Covid Longitudinal weights
I recently realised that Understanding Society weighting team has now included a longitudinal weight (explained on page 38 on the Guide 6.0 document) in the Covid datasets. So, each individual is assigned with a different longitudinal weight value in each Wave. I want to run some analysis that includes Waves 9 to up to November Covid Wave. So, I guess we would need to find the longitudinal weight value for the September Covid wave and assign the same value backwards until Wave 9, given that an individual has participated to all pre and post Waves.
However, because we are not getting the power needed to do some stratification by sex or specific age groups I was trying to find a way adding more individuals and observations, including individuals that stopped participating before the November Covid Wave. So I came up with a method
I am not really sure is legit, using again a similar backward assignment using the weight value that corresponds to the last Wave they participated in. So if someone participated in Waves 9 to 13, then that individual will still be included in the analysis sample (even though they did not participate in Waves 14 & 15). In this case, the weight assigned to all previous Waves will be the Wave 13 relevant value. So in a nutshell, I would be including all individuals that have participated in pre and post waves, given that they have participated to all pre (i.e. waves 9 & 10-11) and at least one of the post Covid Waves.

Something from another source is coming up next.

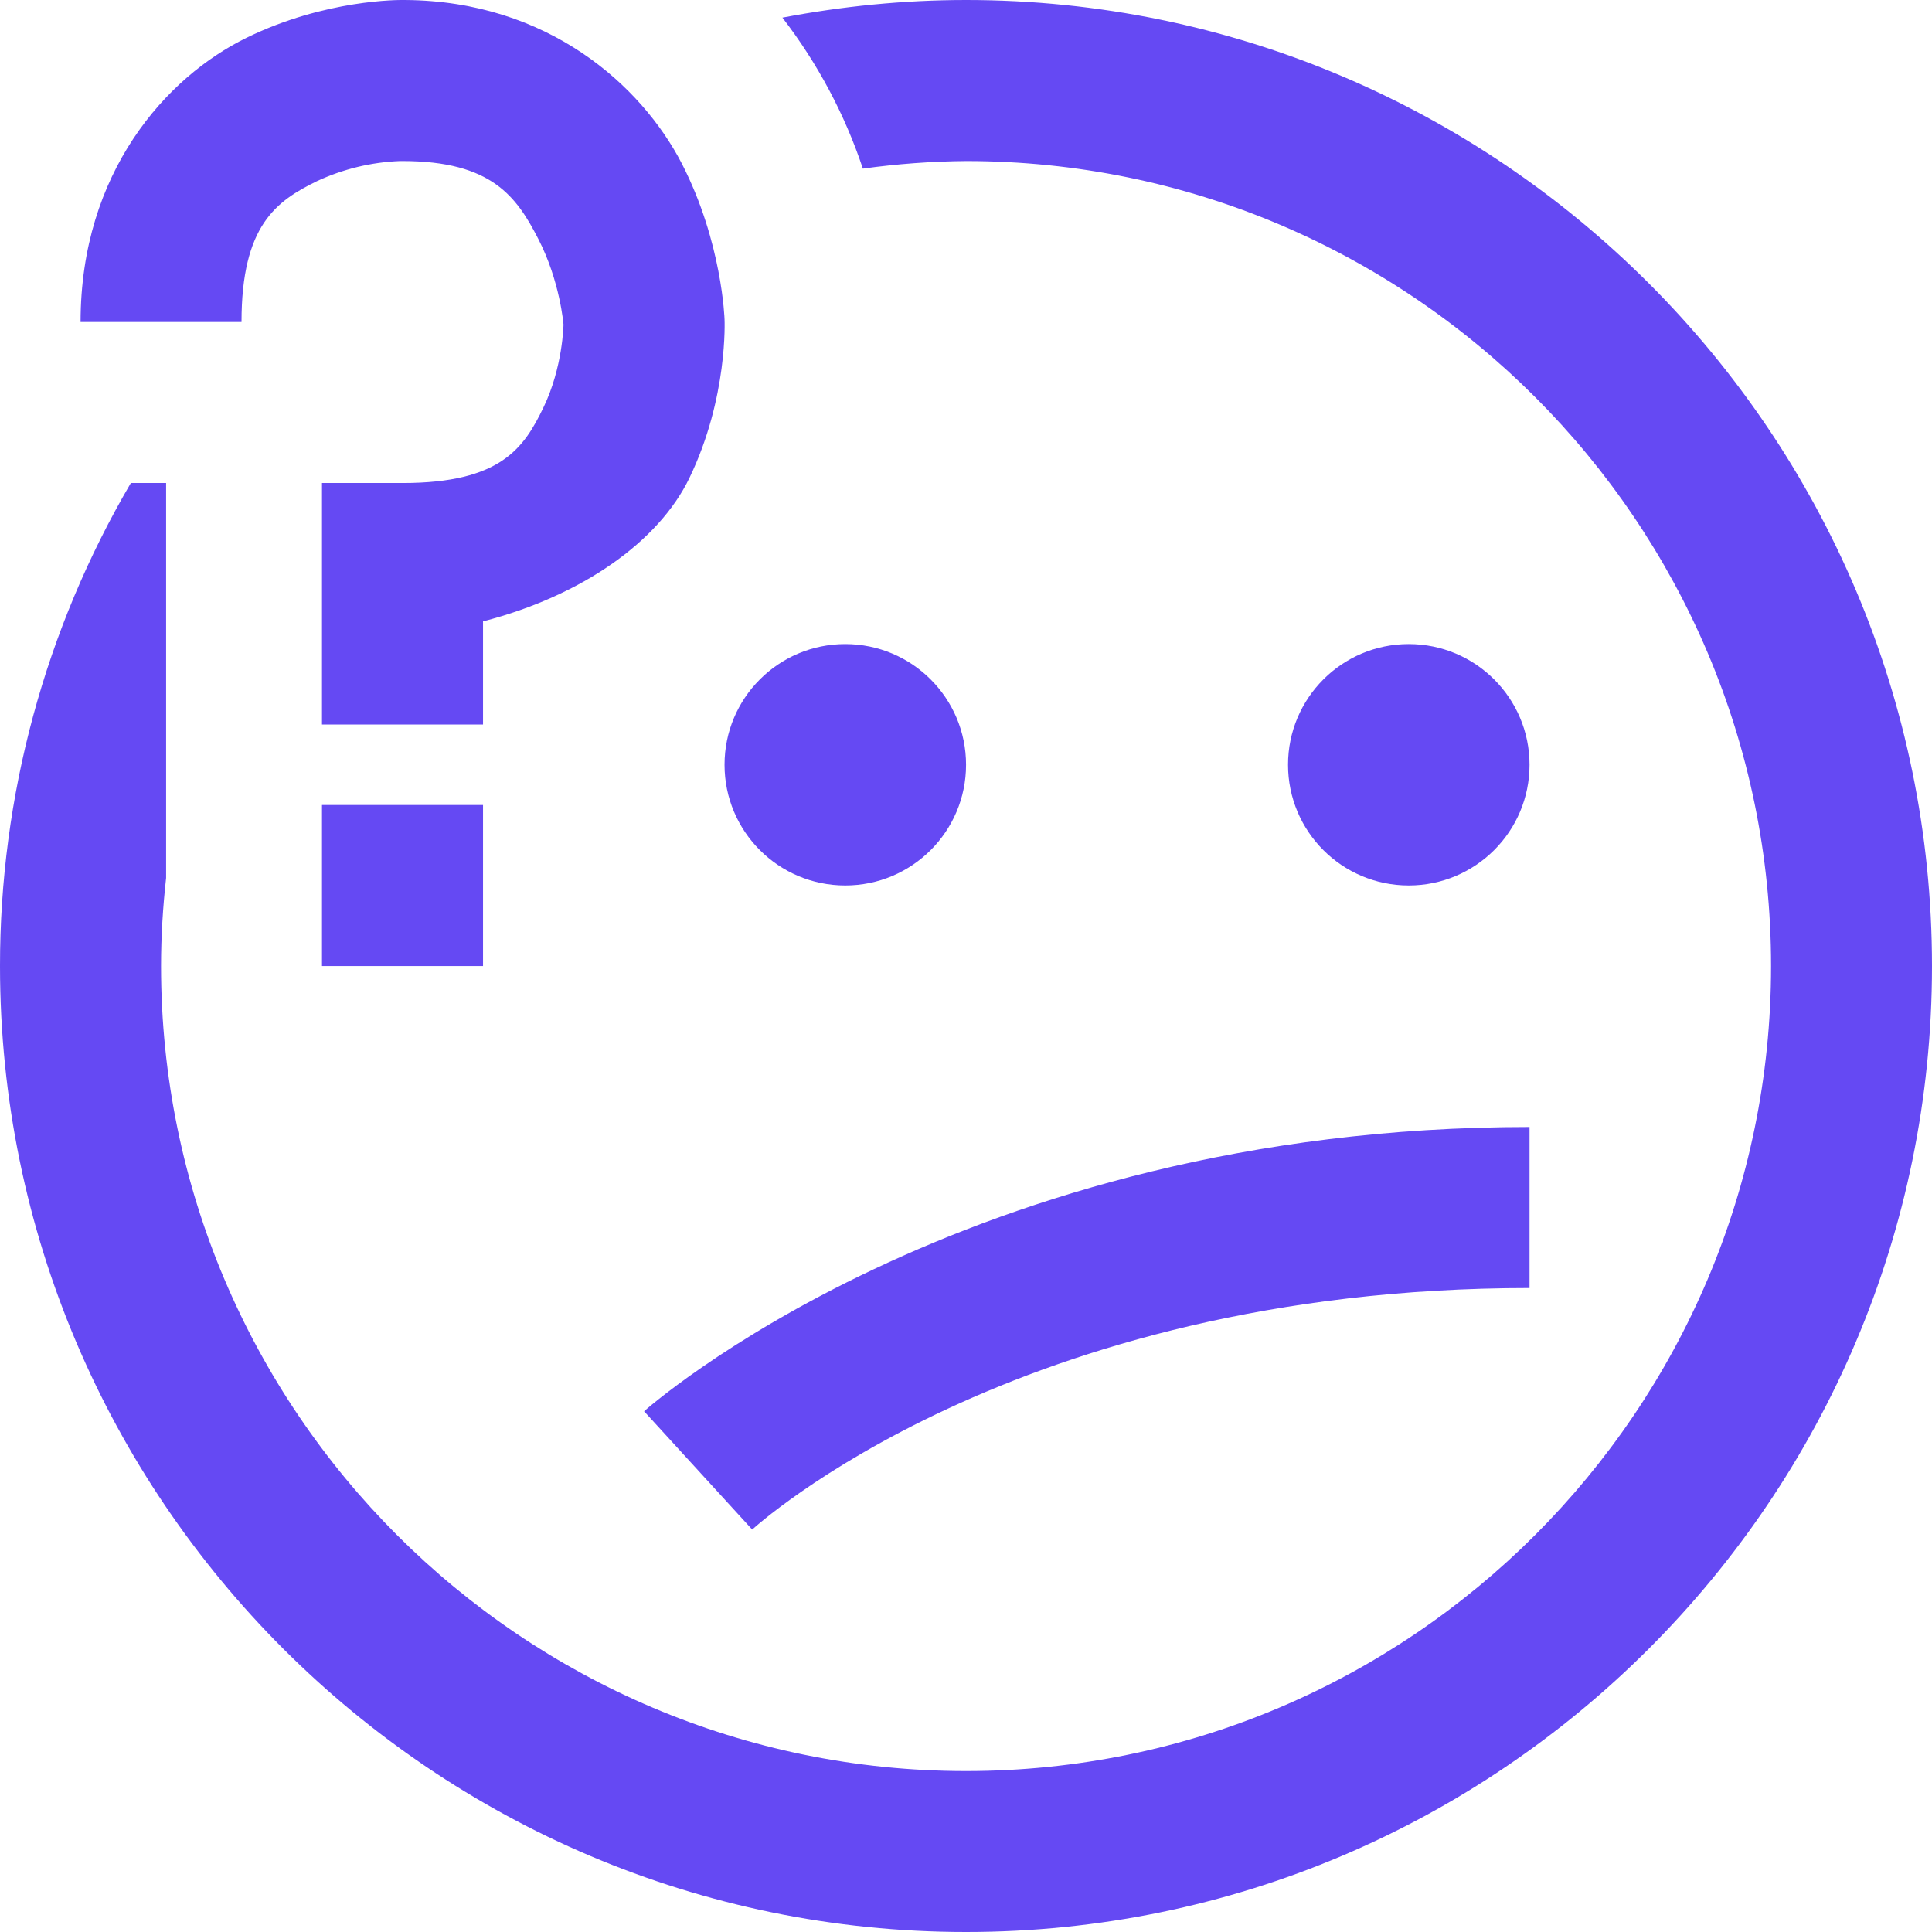 <?xml version="1.0" encoding="UTF-8" standalone="no"?><!-- Generator: Gravit.io --><svg xmlns="http://www.w3.org/2000/svg" xmlns:xlink="http://www.w3.org/1999/xlink" style="isolation:isolate" viewBox="1204.524 910.55 19.063 19.063" width="19.063pt" height="19.063pt"><path d=" M 1208.496 910.55 C 1208.474 910.55 1207.736 910.541 1206.956 910.923 C 1206.165 911.31 1205.319 912.25 1205.319 913.727 L 1206.907 913.727 C 1206.907 912.772 1207.252 912.533 1207.652 912.337 C 1207.909 912.218 1208.187 912.15 1208.47 912.139 L 1208.496 912.139 C 1209.377 912.139 1209.622 912.492 1209.836 912.909 C 1210.05 913.324 1210.084 913.752 1210.084 913.752 C 1210.084 913.752 1210.078 914.174 1209.886 914.571 C 1209.694 914.968 1209.467 915.316 1208.496 915.316 L 1207.701 915.316 L 1207.701 917.699 L 1209.29 917.699 L 1209.29 916.681 C 1210.273 916.427 1211.025 915.89 1211.326 915.267 C 1211.71 914.472 1211.673 913.702 1211.673 913.702 C 1211.673 913.702 1211.651 912.94 1211.251 912.163 C 1210.854 911.395 1209.933 910.559 1208.52 910.55 L 1208.496 910.55 Z  M 1214.056 910.55 C 1213.439 910.55 1212.83 910.612 1212.244 910.724 C 1212.59 911.173 1212.859 911.676 1213.038 912.214 C 1213.375 912.167 1213.715 912.142 1214.056 912.139 C 1218.437 912.139 1221.999 915.7 1221.999 920.082 C 1221.999 924.463 1218.437 928.025 1214.056 928.025 C 1209.674 928.025 1206.113 924.463 1206.113 920.082 C 1206.113 919.79 1206.131 919.499 1206.163 919.213 L 1206.163 915.316 L 1205.815 915.316 C 1204.968 916.761 1204.523 918.407 1204.524 920.082 C 1204.524 925.338 1208.8 929.613 1214.056 929.613 C 1219.312 929.613 1223.587 925.338 1223.587 920.082 C 1223.587 914.826 1219.312 910.55 1214.056 910.55 Z  M 1212.864 916.905 C 1212.206 916.905 1211.673 917.438 1211.673 918.096 C 1211.673 918.754 1212.206 919.287 1212.864 919.287 C 1213.522 919.287 1214.056 918.754 1214.056 918.096 C 1214.056 917.438 1213.522 916.905 1212.864 916.905 Z  M 1218.424 916.905 C 1217.766 916.905 1217.233 917.438 1217.233 918.096 C 1217.233 918.754 1217.766 919.287 1218.424 919.287 C 1219.082 919.287 1219.616 918.754 1219.616 918.096 C 1219.616 917.438 1219.082 916.905 1218.424 916.905 Z  M 1207.701 918.493 L 1207.701 920.082 L 1209.29 920.082 L 1209.29 918.493 L 1207.701 918.493 Z  M 1219.616 921.67 C 1214.016 921.67 1210.879 924.475 1210.879 924.475 L 1211.946 925.642 C 1211.946 925.642 1214.531 923.259 1219.616 923.259 L 1219.616 921.67 Z " fill="rgb(101,73,243)"/></svg>

As far as I can understand from the guide document, Covid Wave 3 weight, for example, is conditional on Covid-wave 1 and Covid-wave 2 and Wave 9 responses. But if I am right an individual is weighted based on previous weights, so at Covid-Wave 2 the weight is conditional on Covid-Wave 1 weight and Wave 9 responses, so if that individual stopped participating in Covid Wave 2 (May) s/he would be accounted for at Covid Wave 3 longitudinal weights, but not at Covid Wave 4 weights as they are conditional on Covid waves, 1,2 and 3 plus Wave 9 responses. So the probability an individual drops out at Wave 2 is included in Covid Wave 3 weights but not in Covid Wave 4 weights. So, it seems to me that the weighting model compares those with full responses, say at Wave 5 as compared to those who have just missed Wave 5 but had full responses up until Wave 4. So those who stopped at Wave 3 are included only in Wave 4 but not in Wave 5. That is why, I think, those who have missed one wave and then return back in the next one have zero weights. Based on my strategy explained above I am including those individuals but treat them as not returning two Waves after and assign them with their weight value at the last Wave they have participated in a consecutive way-before they drop out and come back again two waves after.
I hope this makes some sense. I am very looking forward hearing your thoughts on this.